Because they aren't there for you. You're there for them.

Friday, September 11, 2009

Atmosphere etiquette

I arrived at the J-Bar about half an hour into Amber Norgaard's set. As her music wafted into the lobby, I told the friendly hostess that I'd like to sit on the patio, where she was playing.

"Oh," she said. "Do you have reservations? There's a half hour wait."

Oops.

The last time I saw Amber perform here was a year or so ago. I came alone, sat at a small table, listened, ate good food, and generally chilled. Without thinking about it, I had assumed tonight would go pretty much the same, except that Ron the Drummer would be there too. I hadn't expected a crowd.

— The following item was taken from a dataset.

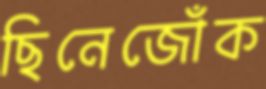
ছিনেজোঁক

Fortunately, Ron had arrived far ahead of me. Also fortunately, a large table of Amber's friends and admirers had invited Ron to sit with them as he waited for a table. They graciously scootched over and made room for me too.

And then came the inevitable dilemma: I never know how to behave at atmosphere gigs when I'm with other people.

See, I know how it feels to perform at these things. You understand that your audience won't be paying much attention to the music. You accept that. But you also rejoice when people come to see you and listen to you. So when I'm the one in the audience, I like to focus on the artist or band I came to hear.

On the other hand, if I'm part of a group, I feel like I'm expected to socialize. Everyone else is. I don't want to be rude.

I ended up spending half the time listening to Amber and the other half attempting to be social. "Being social" in this case mostly meant directing my gaze at my tablemates and trying to follow the conversations -- somewhat difficult, as I couldn't hear anyone except Ron and the woman to my left, and then only when they spoke directly to me. Still, I hoped I was being sufficiently attentive to everyone involved.

Not until I came home did it occur to me that I was way overthinking this. Nobody else was paying attention to what I was paying attention to. Maybe I should've just done whatever I wanted.

Am I the only person who gives two seconds of thought to this kind of thing?

Monday, July 13, 2009

Delayed response

A few people came to see us at Old Town Artisans on Saturday, including one of the musicians from the previous Z Mansion gig. I considered that an excellent turnout given that we had very little time to promote. But the last of our crowd left in the middle of our second set. That left the people who were there for a going-away party.

We kicked into atmosphere gig mode. That is, we continued to put as much energy into the songs as we could, but otherwise left our audience alone, keeping the talk-up to a minimum. Following each song came a slight pause, followed by brief, polite applause. The kind that acknowledges that the song has ended, and that's about it. I had no idea if they liked us, hated us, or even noticed us.

As we were packing up, though, a few people approached and thanked us for being there. They said the music had added something to their little gathering.

They'll never know how much we appreciated that. It's easy to tell if a listening audience digs you. When you're playing for people who came to socialize, it's harder to figure out if you're successfully enhancing the atmosphere.